# 0-12V 3A Variable Power Supply using LM350

My children and I have been using the LM350 regulator IC with its high current throughput and low noise-to-current ratio. However, it can only supply a minimum voltage of 1.25V, which might be problematic when we need a voltage below 1.25V.

So today we are going to find out how to lower that minimum threshold to 0V by making a 0-12V 3A Variable Power Supply using LM350.

Note: if you are a beginner, I recommend learning the basics of the LM350 regulator circuit first, it will help you better understand it.

## How to

We found that there are two ways of achieving it, namely:

• Two diodes in a series
• Apply negative voltage at Adj

### Two diodes in a series

Through the property of a common silicon diode, we know that its forward threshold voltage is around 0.7V, meaning that the voltage below this threshold could not pass at all.

It can also be increased by connecting a pair of them together in a series. Giving us a threshold voltage of 1.4V (in practice, around 1.36V), which is higher than 1.25V, preventing a current from flowing through. Therefore, the output voltage will be zero.

To better understand, we can compare it to a weir slowing the water down.

Suppose that this weir has a height of 1.36 meters, but the water level is only 1.25 meters high. The water would not be able to flow over it to the other side. But when the water level increases to 1.37 meters, which is 0.01 meters higher than the weir itself, a delta of 0.01 meters flows over.

Using diodes in this way is both easier and cheaper, but you should choose a diode that can withstand high currents.

In this case, we chose two 1N5402 diodes as they can withstand up to around 3A of current, which is sufficient for this usage.

Now we put it to work, as shown in the circuit below.

You will see that it looks similar to this circuit.
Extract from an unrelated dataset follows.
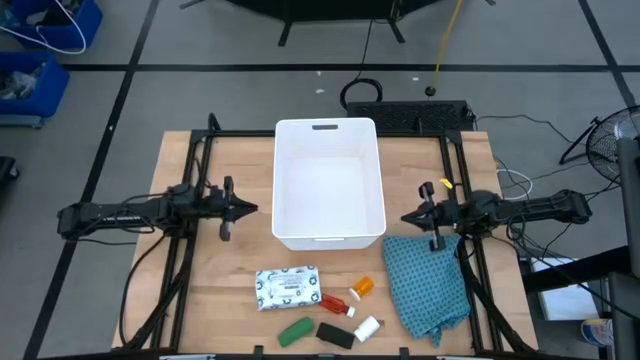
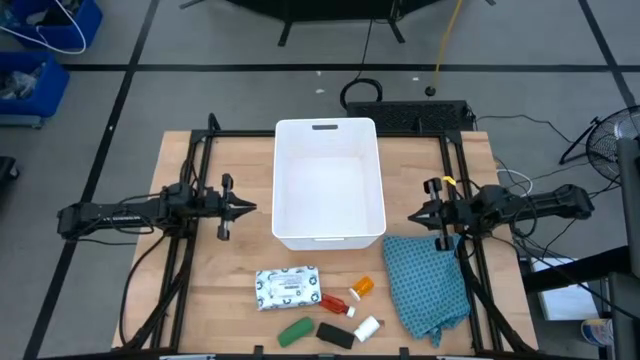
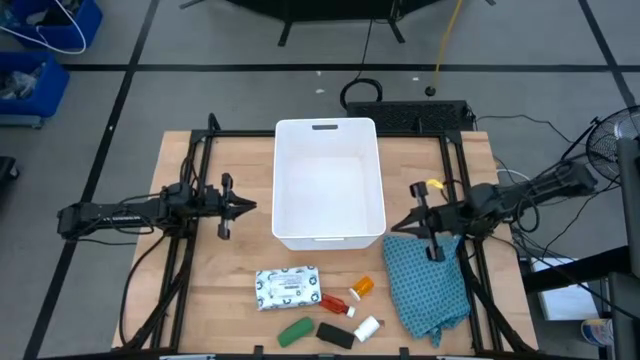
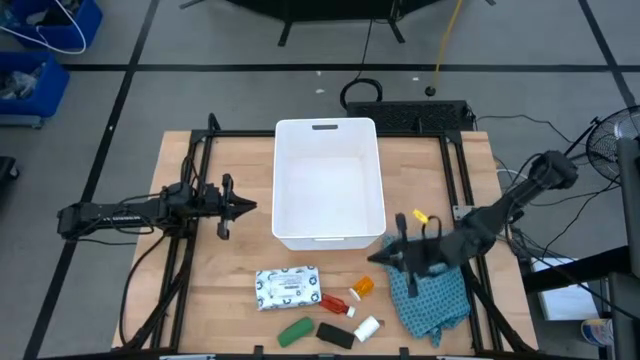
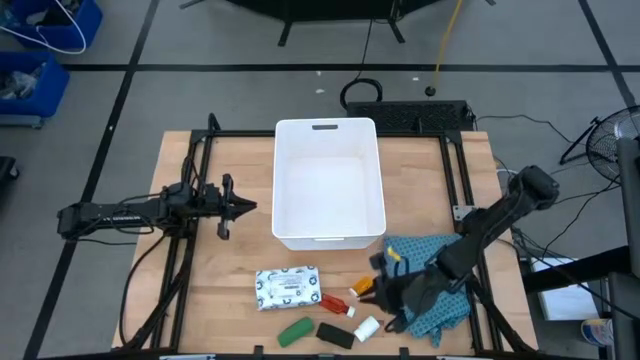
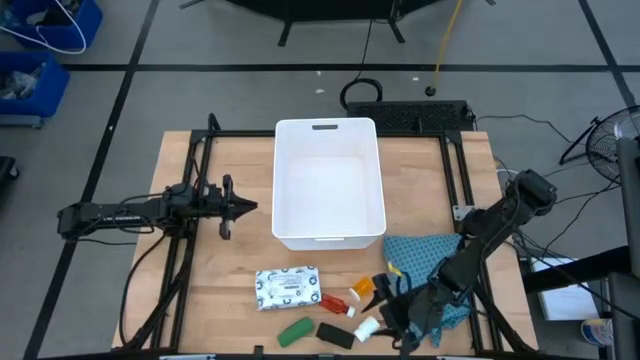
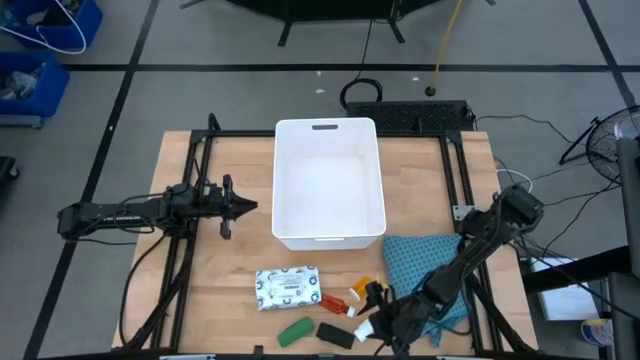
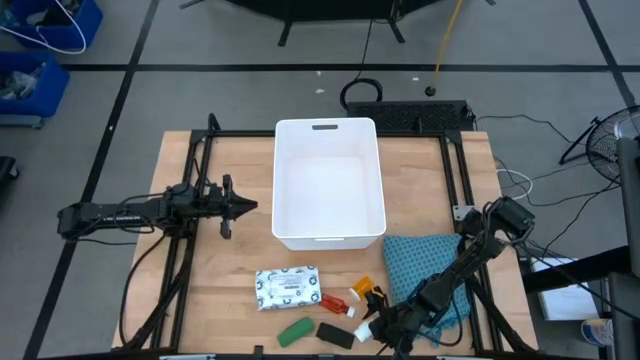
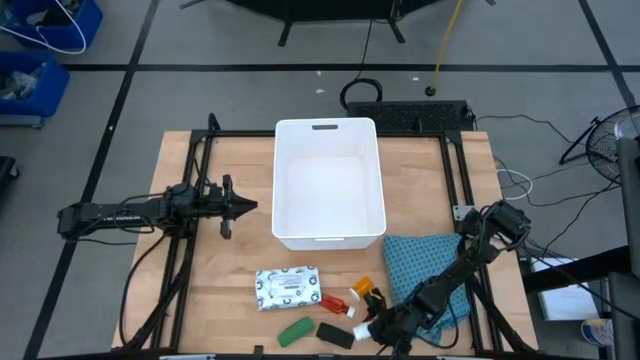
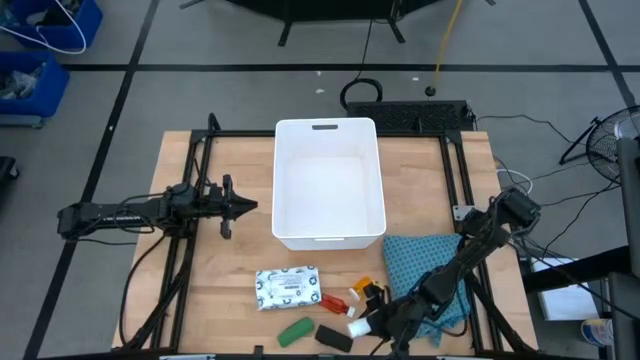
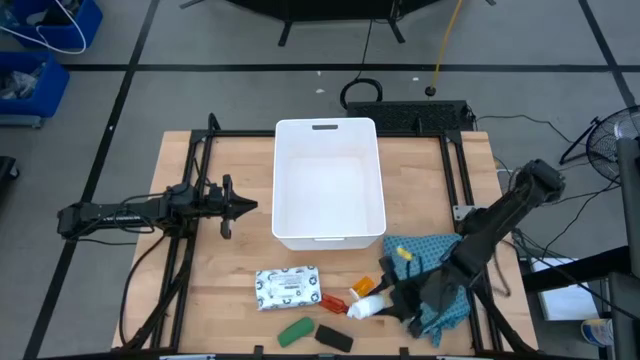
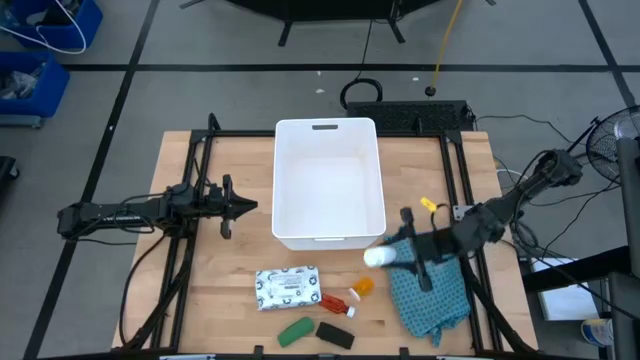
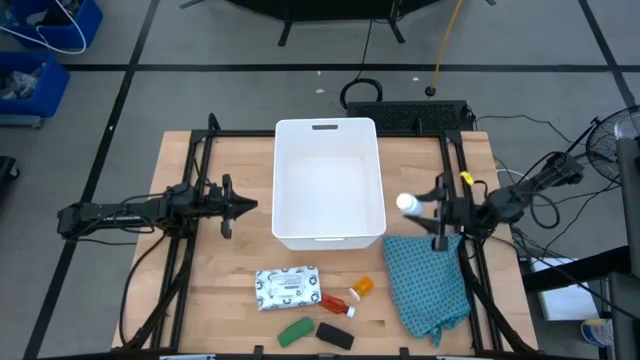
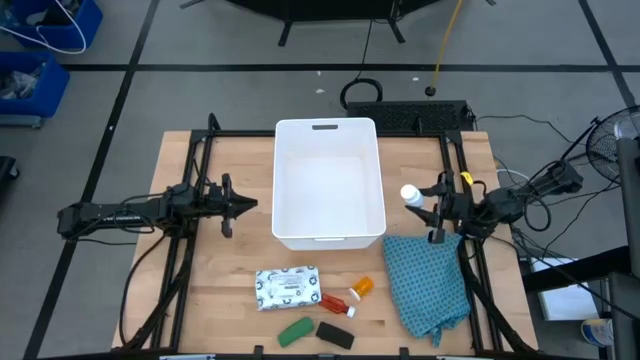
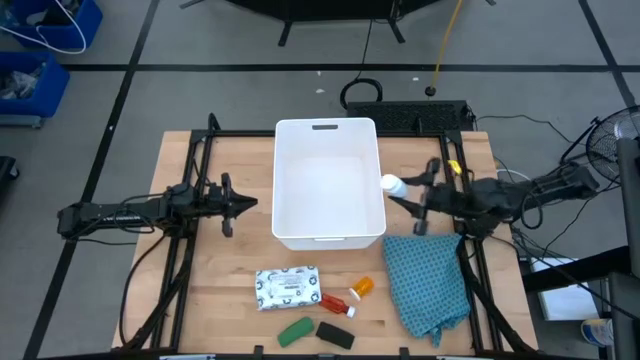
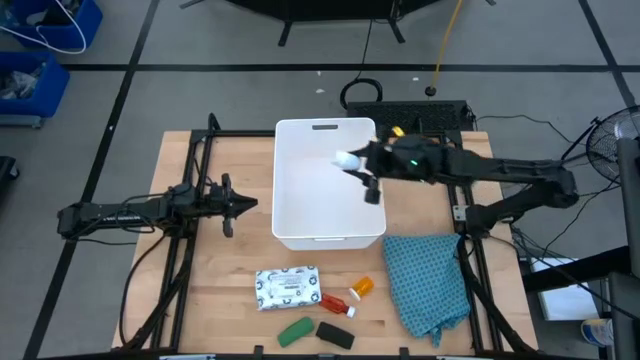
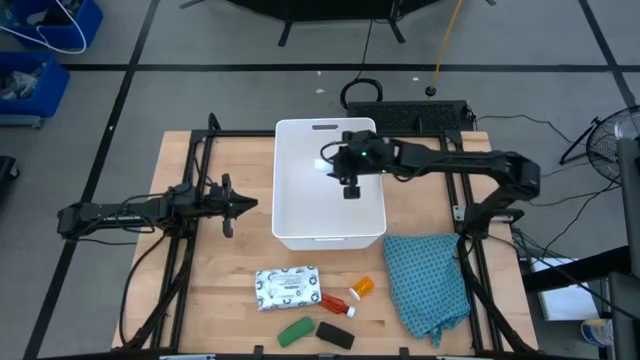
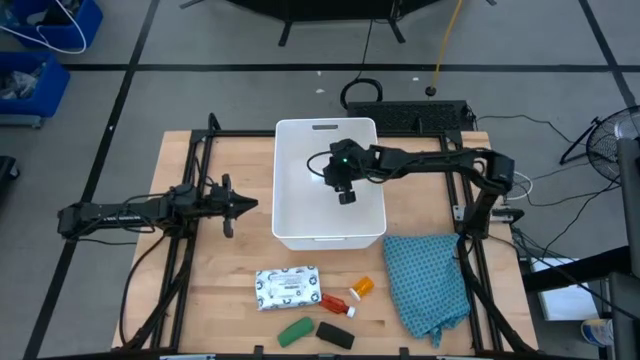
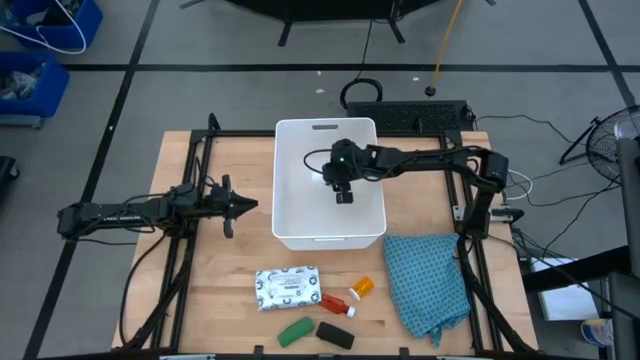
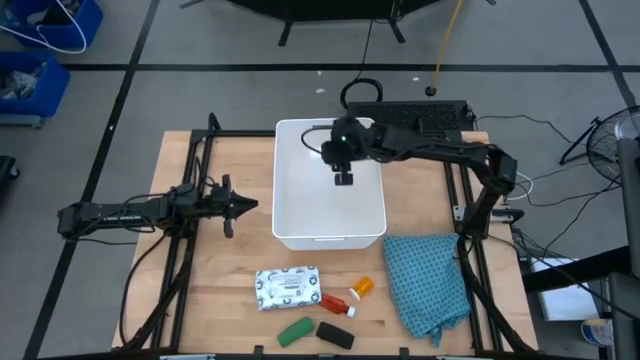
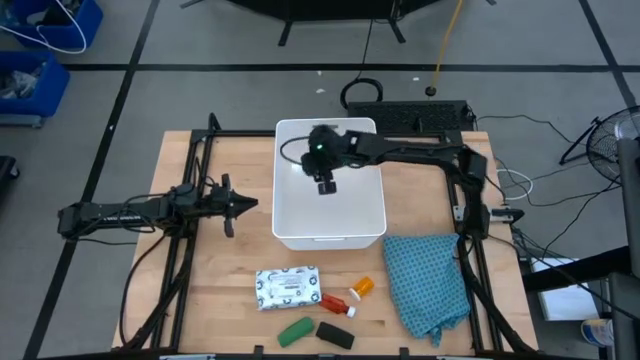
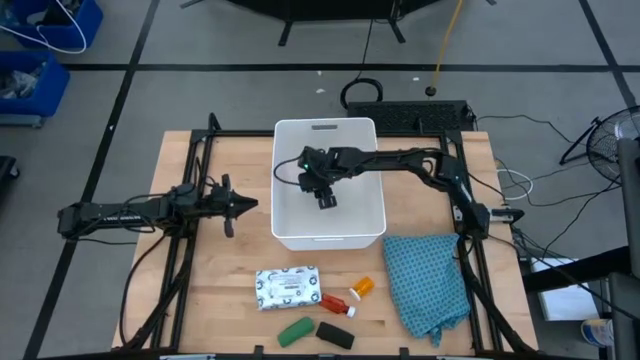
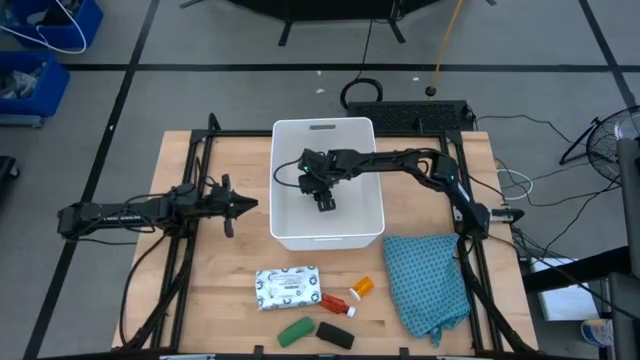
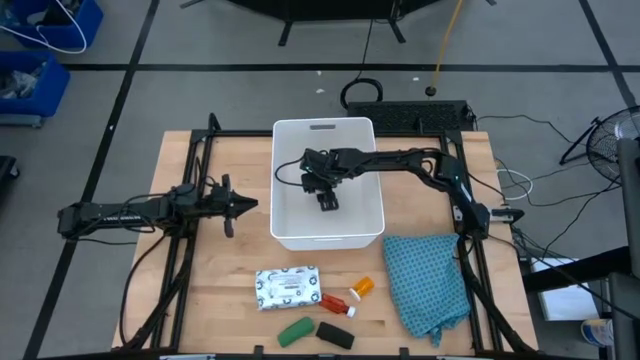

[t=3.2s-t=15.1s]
Task: Pick & place medical supplies in basket/bin
Put the white medicine bottle into the white bin

But with a notable addition is R2, which acts as a bleeder resistor, discharging the current of C4. Apart from this, it also improves the reliability of the circuit when there is a low load current.

And it only pulls 10mA of current at the maximum output voltage.

However, there is a downside to this way of doing it. Similar to a resistor in series, it will definitely hinder the current flowing to the load.

Parts list
T1: 12V to 15V @3A primary transformer, Quantity:1.
IC1: LM350T, 3A Regulator , Quantity:1.
BD1: 6A to 10A Diode bridge, Quantity:1.
R1: 270Ω 0.25W , Quantity:1.
R2: 820Ω 0.5W , Quantity:1.
R3: 2.2K 0.25W , Quantity:1.
VR1: 5K Potentiometer, Quantity:1.
D1,D2: 1N4007 – 1A 1,000V – general purpose Diodes, Quantity:2.
D3,D4: 1N5402 – 3A 100V- Diodes, Quantity:2.
LED1: 3mm Red LED
C1: 2,200µF to 4,700µF 25V Electrolytic capacitor, Quantity:1
C3,C4: 22µF 25V Electrolytic capacitor, Quantity:2
C2: 0.1µF 50V Ceramic or Mylar capacitor, Quantity:1

Be careful!  Look LM350 pinout:

Some may not know.

### Apply negative voltage at Adj

When we apply a 0V control voltage to the Adj pin of the LM350, the Vout will always be 1.25V.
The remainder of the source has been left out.